How cosmology can help and benefit from other areas of physics
- Autores: David Valcin
- Directores de la Tesis: Licia Verde (dir. tes.)
- Lectura: En la Universitat de Barcelona ( España ) en 2021
- Idioma: inglés
- Tribunal Calificador de la Tesis: Viviana Acquaviva (presid.), Mark Gieles (secret.), Matteo Viel (voc.)
- Programa de doctorado: Programa Oficial de Doctorado en Física
- Materias:
- Enlaces
- Tesis en acceso abierto en: TDX
- Resumen
Context The current ΛCDM cosmological paradigm has seen remarkable success in recent decades (whether it is the discovery of the CMB, the formation of large-scale structures, the expansion of the universe etc.). Like any paradigm, there comes a point when the theory reaches its limits and the question arises as to whether it is simply due to the incompleteness of the theory or whether it should be questioned. In this thesis, I focused particularly on two aspects of the ΛCDM theory: how to effectively include massive neutrinos in the formation of structures and find a methodology to bring a new perspective in the tension surrounding the expansion of the universe.

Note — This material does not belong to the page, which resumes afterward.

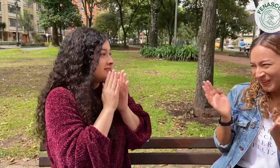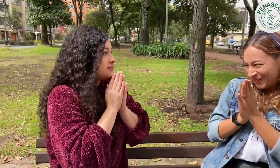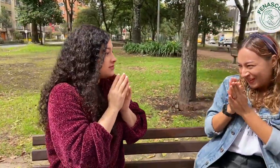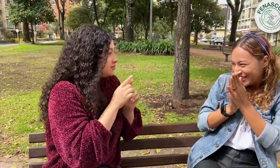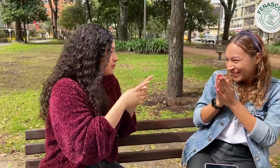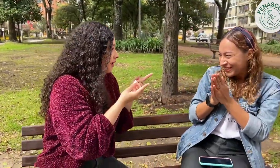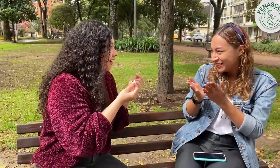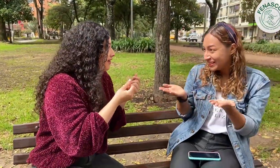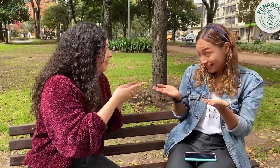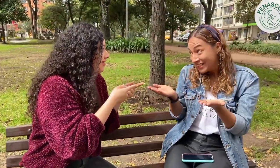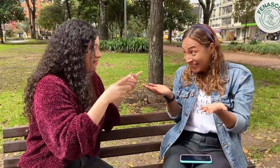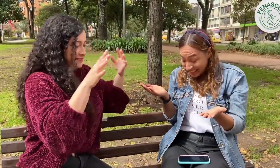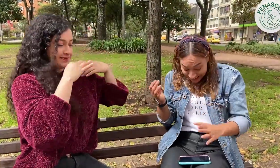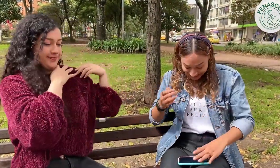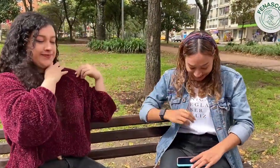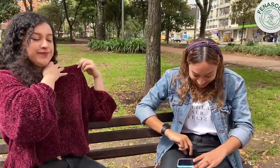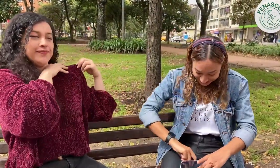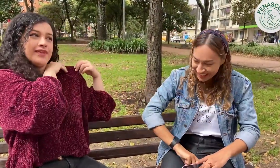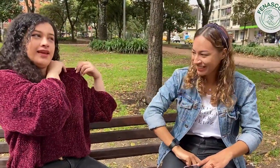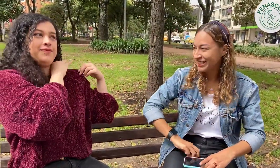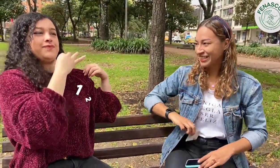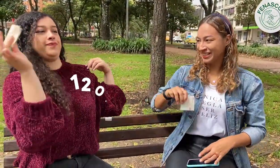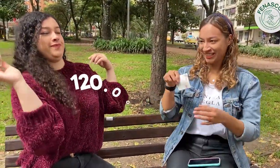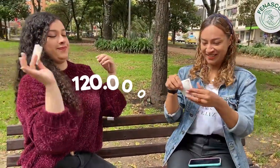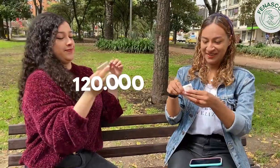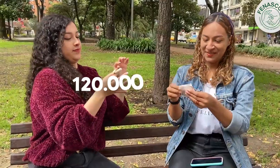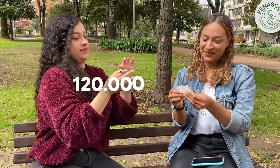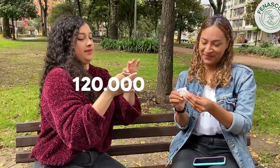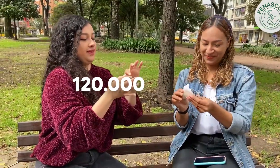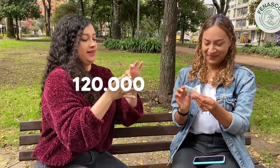¡Qué felicidad! ¡Qué emoción! ¿Tienes dinero? Sí, claro

Aims Our objective for this thesis is to show how cosmology can help and benefit from other areas of physics because there is a mutual interest in tackling problems at the interface between cosmology and other areas of physics. Methods In the first part of the thesis, I devoted myself to the development of an emulator in order to be able to quickly and easily implement the effect of massive neutrinos on the clustering of dark matter halos. For that I used the HADES numerical simulations to calibrate the bias (a very useful quantity in cosmology which describes the relation between the clustering of dark matter and the different observables). By combining the result of these calibrations with a software which makes it possible to calculate the perturbative terms of the power spectrum, I was able to develop a competitive emulator up to non-linear scales. Secondly, I devoted myself to the study of globular clusters in a cosmological context. I used a catalog of clusters provided by the HST telescope in the F606W and F814 filters. After removing the clusters with poor photometry, I performed a Bayesian analysis which allowed me to constrain the various parameters common to stars in the same cluster. Models that describe stellar evolution, like the ones I used for the analysis, are often defined for a given set of parameters that vary from model to model. Therefore to reduce the systematic errors due to the use of a specific stellar model, I studied the influence of the parameters governing the different evolutionary phases of stars with the MESA software.
Results The work carried out within the framework of the realization of an emulator, allowed us to highlight important results such as: even if the shape of the bias must be calibrated using numerical simulations, its amplitude can be simply rescaled by a factor proportional to the mass of the neutrinos or the combination of pre-computed coefficients with a software calculating the perturbative terms can be fast enough to be implemented in Monte Carlo sampling softwares. On the other hand, the estimate of the age of the globular clusters that we obtained, coupled with some hypotheses on the time of galaxy formation makes it possible to put a lower limit on the age of the universe. After the reduction of the systematic errors, the age of the universe is thus compared to those obtained from the inference of cosmological parameters of various surveys. With our current precision it is not yet possible to discard any of the measurements at odds (namely Planck or SHOES) in the H0 tension but the results are very promising.
Conclusion Through this thesis I wanted to show that physics and more particularly cosmology could benefit from its interplay with other fields. With a better modeling of the effect of massive neutrinos it will be possible to both improve the inference of cosmological parameters and precisely constrain the mass of neutrinos (for the moment inaccessible to particle physics). A rigorous analysis of globular clusters also offers an estimate of the age of the universe almost independent of a cosmological model which is very valuable in this period of tension when the cosmological paradigm is questioned and challenged.